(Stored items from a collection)
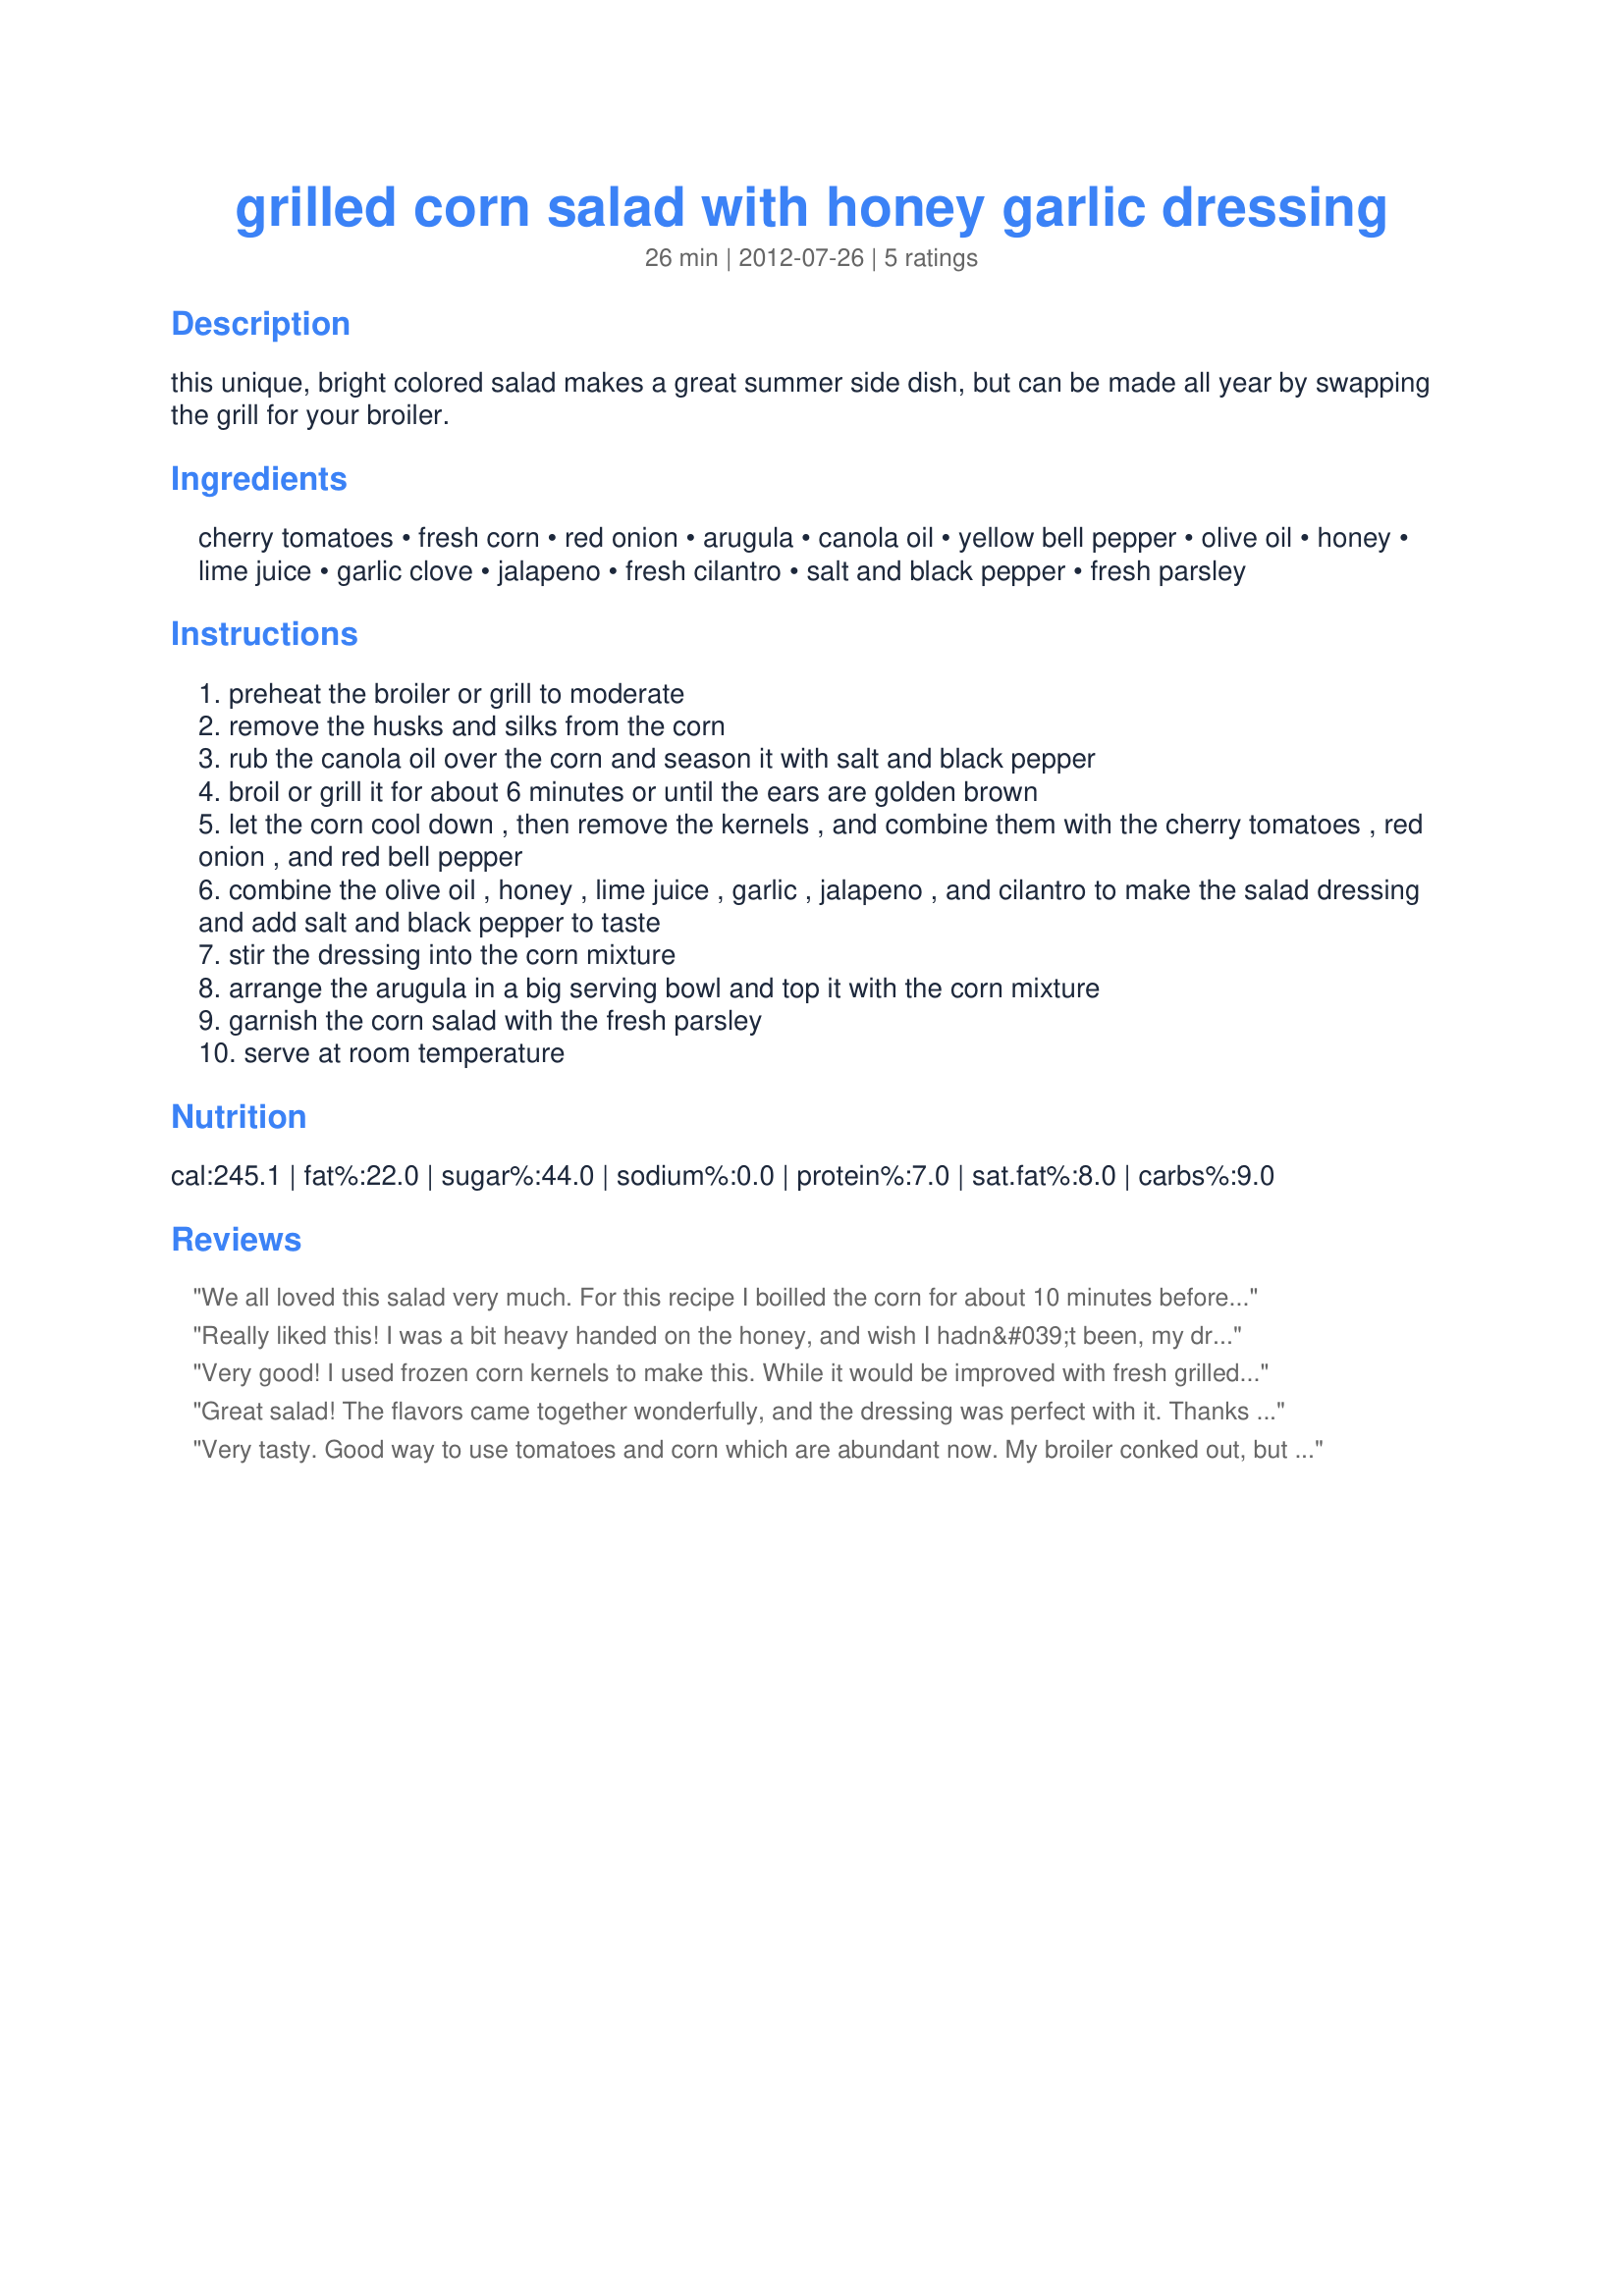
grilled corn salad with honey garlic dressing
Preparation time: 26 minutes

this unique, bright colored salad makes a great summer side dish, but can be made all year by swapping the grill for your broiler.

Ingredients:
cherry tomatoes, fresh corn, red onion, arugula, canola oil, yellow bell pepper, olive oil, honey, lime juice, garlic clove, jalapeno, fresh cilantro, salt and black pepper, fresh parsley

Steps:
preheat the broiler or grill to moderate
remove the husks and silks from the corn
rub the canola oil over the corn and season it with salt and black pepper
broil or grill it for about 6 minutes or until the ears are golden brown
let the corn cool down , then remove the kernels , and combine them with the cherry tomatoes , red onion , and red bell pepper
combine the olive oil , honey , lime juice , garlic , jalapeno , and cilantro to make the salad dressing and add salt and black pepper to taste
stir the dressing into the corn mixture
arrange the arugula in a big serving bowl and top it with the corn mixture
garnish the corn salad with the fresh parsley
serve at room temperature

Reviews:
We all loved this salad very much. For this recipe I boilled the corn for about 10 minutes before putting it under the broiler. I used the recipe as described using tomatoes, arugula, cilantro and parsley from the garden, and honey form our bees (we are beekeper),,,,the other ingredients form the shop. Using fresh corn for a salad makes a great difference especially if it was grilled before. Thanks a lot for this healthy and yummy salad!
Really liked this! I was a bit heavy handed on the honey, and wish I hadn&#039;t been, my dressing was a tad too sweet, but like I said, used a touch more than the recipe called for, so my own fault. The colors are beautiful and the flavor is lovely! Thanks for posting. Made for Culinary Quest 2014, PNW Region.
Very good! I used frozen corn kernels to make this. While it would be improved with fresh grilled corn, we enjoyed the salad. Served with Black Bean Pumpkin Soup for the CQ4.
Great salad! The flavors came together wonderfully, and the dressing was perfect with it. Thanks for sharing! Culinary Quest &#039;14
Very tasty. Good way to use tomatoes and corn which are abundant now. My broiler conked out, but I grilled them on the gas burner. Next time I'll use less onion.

→ **GOAL OF THE EXERCISE**
An exact copy of every record above is required, with all pictures omitted.

→ **RESULT**
grilled corn salad with honey garlic dressing
Preparation time: 26 minutes

this unique, bright colored salad makes a great summer side dish, but can be made all year by swapping the grill for your broiler.

Ingredients:
cherry tomatoes, fresh corn, red onion, arugula, canola oil, yellow bell pepper, olive oil, honey, lime juice, garlic clove, jalapeno, fresh cilantro, salt and black pepper, fresh parsley

Steps:
preheat the broiler or grill to moderate
remove the husks and silks from the corn
rub the canola oil over the corn and season it with salt and black pepper
broil or grill it for about 6 minutes or until the ears are golden brown
let the corn cool down , then remove the kernels , and combine them with the cherry tomatoes , red onion , and red bell pepper
combine the olive oil , honey , lime juice , garlic , jalapeno , and cilantro to make the salad dressing and add salt and black pepper to taste
stir the dressing into the corn mixture
arrange the arugula in a big serving bowl and top it with the corn mixture
garnish the corn salad with the fresh parsley
serve at room temperature

Reviews:
We all loved this salad very much. For this recipe I boilled the corn for about 10 minutes before putting it under the broiler. I used the recipe as described using tomatoes, arugula, cilantro and parsley from the garden, and honey form our bees (we are beekeper),,,,the other ingredients form the shop. Using fresh corn for a salad makes a great difference especially if it was grilled before. Thanks a lot for this healthy and yummy salad!
Really liked this! I was a bit heavy handed on the honey, and wish I hadn&#039;t been, my dressing was a tad too sweet, but like I said, used a touch more than the recipe called for, so my own fault. The colors are beautiful and the flavor is lovely! Thanks for posting. Made for Culinary Quest 2014, PNW Region.
Very good! I used frozen corn kernels to make this. While it would be improved with fresh grilled corn, we enjoyed the salad. Served with Black Bean Pumpkin Soup for the CQ4.
Great salad! The flavors came together wonderfully, and the dressing was perfect with it. Thanks for sharing! Culinary Quest &#039;14
Very tasty. Good way to use tomatoes and corn which are abundant now. My broiler conked out, but I grilled them on the gas burner. Next time I'll use less onion.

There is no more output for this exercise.